- _WHAT TO DO_
Write out every line exactly, from the start of the records below to the line with "Q: x-height? A: Medium.", and stop there. Don't write out the pictures.

- _RECORDS SUPPLIED_
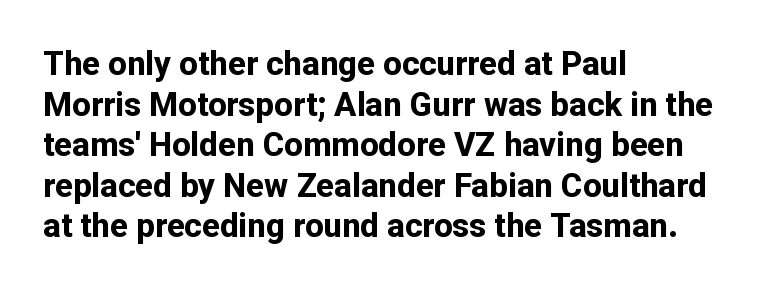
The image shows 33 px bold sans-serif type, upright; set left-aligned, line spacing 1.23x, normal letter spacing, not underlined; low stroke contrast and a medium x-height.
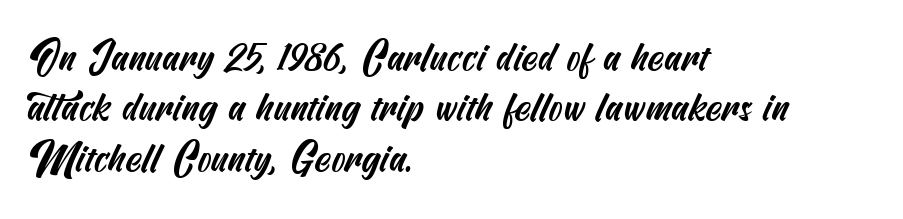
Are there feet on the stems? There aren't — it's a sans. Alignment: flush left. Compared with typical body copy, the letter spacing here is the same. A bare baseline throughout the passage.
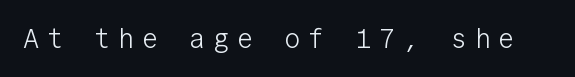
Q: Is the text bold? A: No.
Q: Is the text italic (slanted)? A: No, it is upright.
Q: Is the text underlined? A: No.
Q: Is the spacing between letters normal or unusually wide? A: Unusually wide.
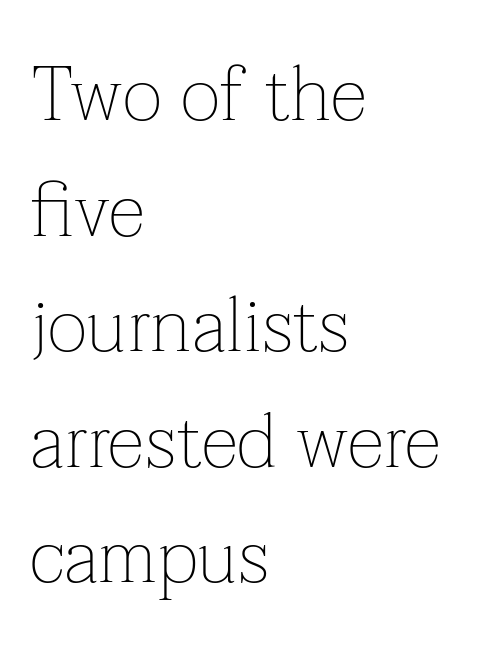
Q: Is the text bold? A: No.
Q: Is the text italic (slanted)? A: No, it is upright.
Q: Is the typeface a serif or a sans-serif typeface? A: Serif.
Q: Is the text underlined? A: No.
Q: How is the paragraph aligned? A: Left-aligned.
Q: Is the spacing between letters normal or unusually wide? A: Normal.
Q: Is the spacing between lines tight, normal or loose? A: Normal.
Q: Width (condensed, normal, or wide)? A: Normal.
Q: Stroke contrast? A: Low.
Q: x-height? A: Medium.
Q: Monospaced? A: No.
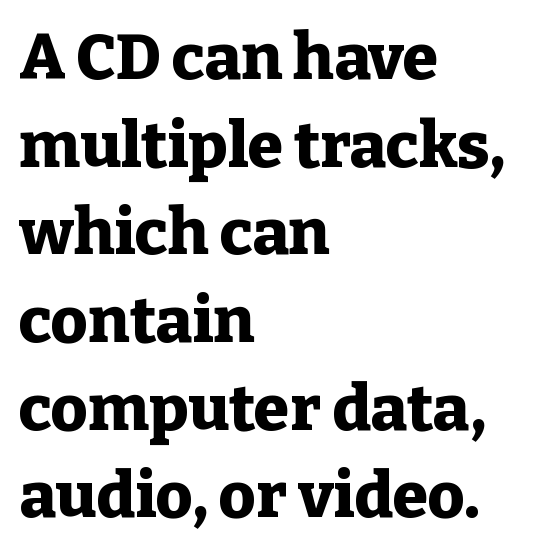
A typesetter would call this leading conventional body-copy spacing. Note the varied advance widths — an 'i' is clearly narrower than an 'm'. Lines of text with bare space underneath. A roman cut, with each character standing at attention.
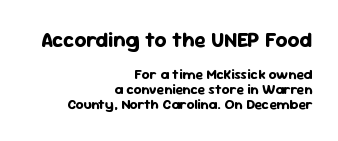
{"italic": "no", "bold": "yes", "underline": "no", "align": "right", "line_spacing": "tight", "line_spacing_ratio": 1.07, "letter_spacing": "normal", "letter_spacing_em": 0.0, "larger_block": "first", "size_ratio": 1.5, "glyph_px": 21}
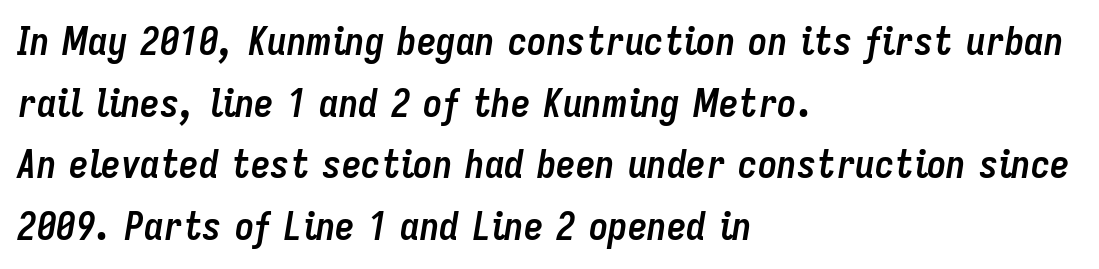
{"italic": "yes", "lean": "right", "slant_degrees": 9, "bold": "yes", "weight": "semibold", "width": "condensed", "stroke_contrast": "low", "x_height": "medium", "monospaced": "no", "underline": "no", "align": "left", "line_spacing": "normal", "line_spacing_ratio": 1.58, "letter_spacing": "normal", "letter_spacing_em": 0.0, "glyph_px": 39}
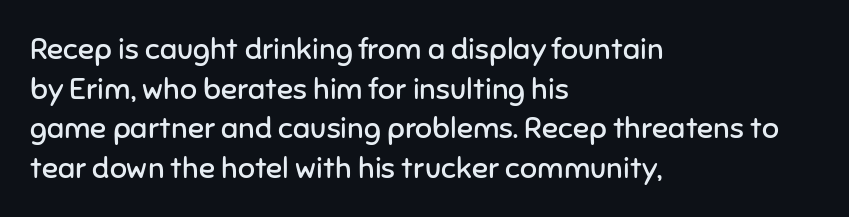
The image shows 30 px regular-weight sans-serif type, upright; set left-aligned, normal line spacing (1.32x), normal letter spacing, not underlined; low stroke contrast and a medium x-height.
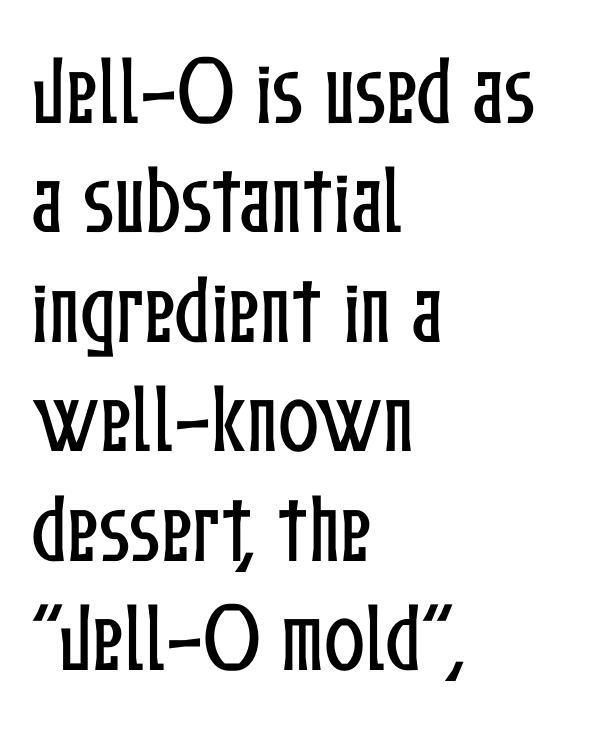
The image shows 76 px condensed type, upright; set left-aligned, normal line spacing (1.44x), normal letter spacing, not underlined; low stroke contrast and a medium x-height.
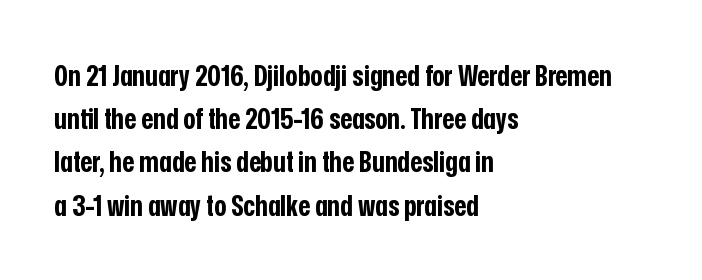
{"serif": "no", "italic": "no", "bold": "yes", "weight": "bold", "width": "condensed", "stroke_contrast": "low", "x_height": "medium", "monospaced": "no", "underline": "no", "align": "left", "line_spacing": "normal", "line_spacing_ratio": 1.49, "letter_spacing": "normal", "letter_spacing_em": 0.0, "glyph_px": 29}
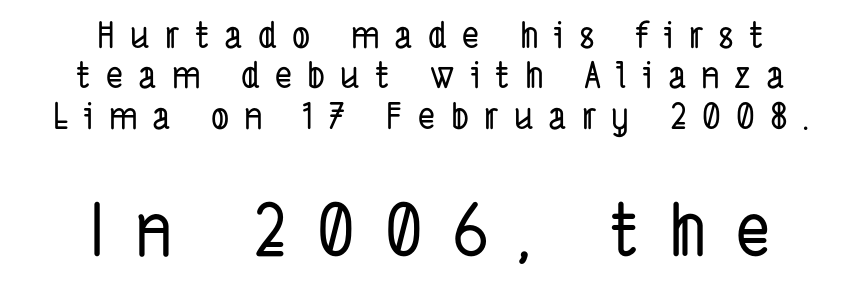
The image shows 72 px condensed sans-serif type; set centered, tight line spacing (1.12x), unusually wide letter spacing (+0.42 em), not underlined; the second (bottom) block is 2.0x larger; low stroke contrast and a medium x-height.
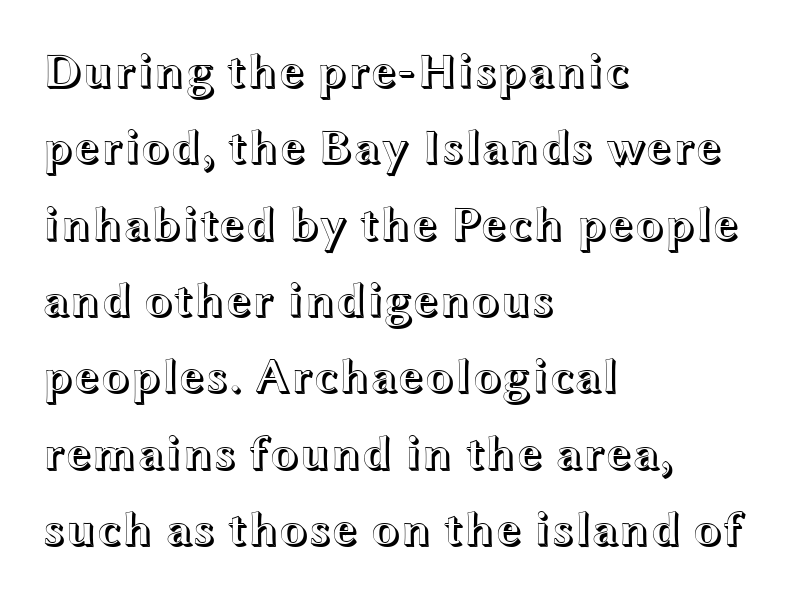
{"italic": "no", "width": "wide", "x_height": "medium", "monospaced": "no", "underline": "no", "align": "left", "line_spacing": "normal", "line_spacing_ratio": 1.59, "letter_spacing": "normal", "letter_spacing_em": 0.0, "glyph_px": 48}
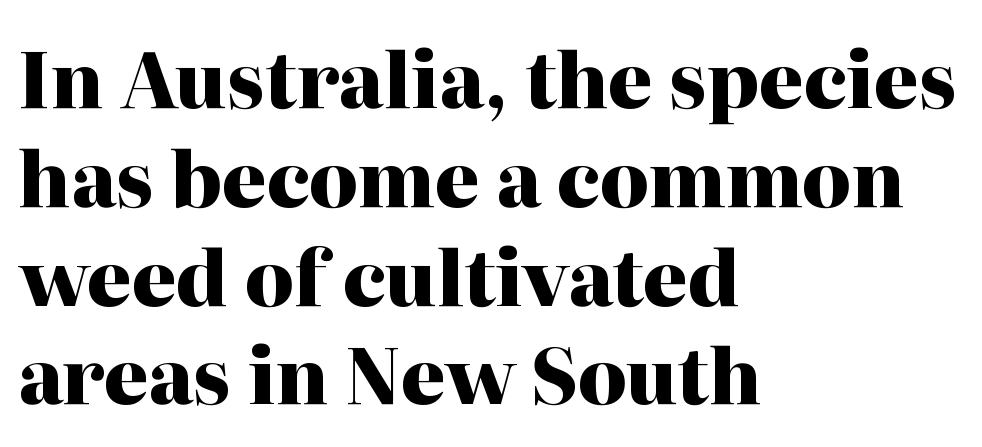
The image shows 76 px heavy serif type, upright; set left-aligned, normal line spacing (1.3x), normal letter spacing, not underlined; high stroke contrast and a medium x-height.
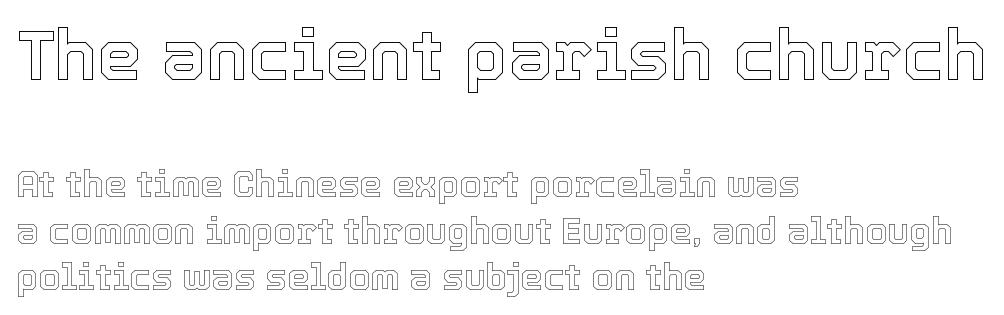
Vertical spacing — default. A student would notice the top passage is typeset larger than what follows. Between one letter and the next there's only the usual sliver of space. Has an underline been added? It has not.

- _YOUR SOLUTION_
The image shows 33 px bold sans-serif type, upright; set left-aligned, line spacing 1.23x, normal letter spacing, not underlined; low stroke contrast and a medium x-height.
Are there feet on the stems? There aren't — it's a sans. Alignment: flush left. Compared with typical body copy, the letter spacing here is the same. A bare baseline throughout the passage.
Q: Is the text bold? A: No.
Q: Is the text italic (slanted)? A: No, it is upright.
Q: Is the text underlined? A: No.
Q: Is the spacing between letters normal or unusually wide? A: Unusually wide.
Q: Is the text bold? A: No.
Q: Is the text italic (slanted)? A: No, it is upright.
Q: Is the typeface a serif or a sans-serif typeface? A: Serif.
Q: Is the text underlined? A: No.
Q: How is the paragraph aligned? A: Left-aligned.
Q: Is the spacing between letters normal or unusually wide? A: Normal.
Q: Is the spacing between lines tight, normal or loose? A: Normal.
Q: Width (condensed, normal, or wide)? A: Normal.
Q: Stroke contrast? A: Low.
Q: x-height? A: Medium.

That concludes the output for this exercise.